1. A novel power-enhanced evaporation focusing solar seawater desalination device mainly comprises a focusing solar heat collector 8, a solar absorption tube 7, a water-cooled condenser 10, a fresh water storage tank 15, a seawater storage tank 3, a low-pressure pump (I) 1, a low-pressure pump (II) 13 and the like. The solar energy absorption tube 7 is arranged on the focal line of a groove-shaped paraboloid focusing heat collector of the focusing solar heat collector 8, the left end of the solar energy absorption tube is connected with the seawater storage tank 3 through the first pipeline 6 of the absorption tube, seawater enters the solar energy absorption tube 7 from the seawater storage tank 3 through the first pipeline 6 of the absorption tube, and the temperature is raised to reach about 80 ℃ by absorbing solar energy. The right end of the solar absorption pipe 7 is connected with a condensing coil 16 through a second absorption pipe pipeline 9, the condensing coil 16 is located inside the water-cooled condenser 10, the other end of the condensing coil 16 is connected with a fresh water storage tank 15 through a fresh water collecting pipe 19, the upper part of the fresh water storage tank 15 is connected with a low-pressure pump (II) 13 through a second exhaust pipe 14, and the lower end of the fresh water storage tank is connected with a fresh water outlet 21. The lower part of the water-cooled condenser 10 is connected with a cold seawater inlet pipe 18, the upper part is connected with a seawater outlet pipe 4, and the other end of the seawater outlet pipe 4 is connected with a seawater storage tank 3. The upper part of the seawater storage tank 3 is connected with a low-pressure pump (I) 1 through a first exhaust pipe 2.

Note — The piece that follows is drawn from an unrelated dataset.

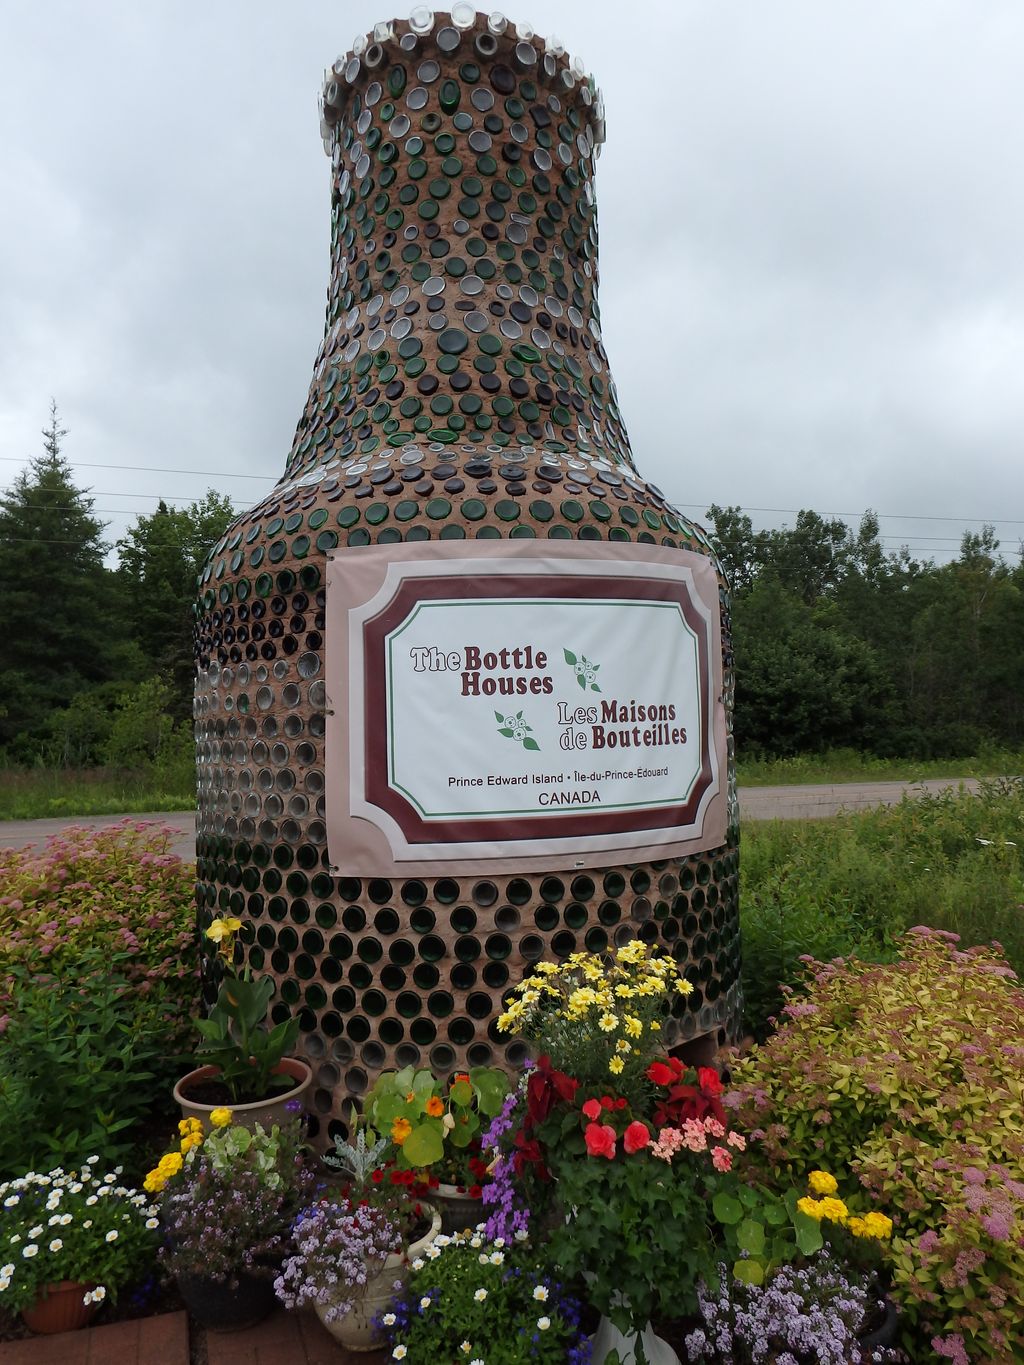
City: charlottetown

2. In the novel power-enhanced evaporation focusing solar seawater desalination device, the outer wall of the focusing solar heat collector 8 is made of a galvanized iron plate with the thickness of 1mm, and the periphery of the focusing solar heat collector is insulated by a polyethylene foam plate with the thickness of 40 mm. Its inner wall diameter is 130 mm. The trough-shaped paraboloid focusing heat collectors of the focusing solar heat collector 8 all adopt a single-axis tracking mechanism, and in order to obtain larger total amount of direct solar radiation, the condenser lenses are horizontally arranged in the south and north directions. The heat absorbing pipe of the groove-shaped paraboloid focusing heat collector is tubular, and the periphery of the pipe is separated from the external environment by a glass pipe.

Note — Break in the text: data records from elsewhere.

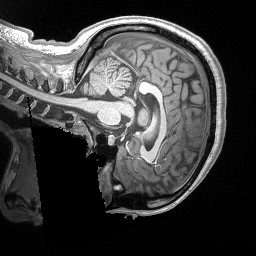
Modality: T1w
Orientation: sagittal
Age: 22
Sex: female
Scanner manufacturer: siemens
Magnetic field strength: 3 T
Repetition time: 2.2 s
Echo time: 0.00169 s

3. In order to reduce the power consumption of the system, the novel power-enhanced evaporation focusing solar seawater desalination device adopts a small low-pressure pump, the input power of the low-pressure pump (I) 1 and the low-pressure pump (II) 13 is 1500W, and the maximum air flow is 248L/min.

4. In order to facilitate the condensation of water vapor in the condensing coil 16 and prevent the water vapor from being taken away by the low-pressure pump (I) 1 and the low-pressure pump (II) 13, the vacuum degree of the system is not as high as possible, so the vacuum degree of the system for boiling the seawater at 80-85 ℃ is selected.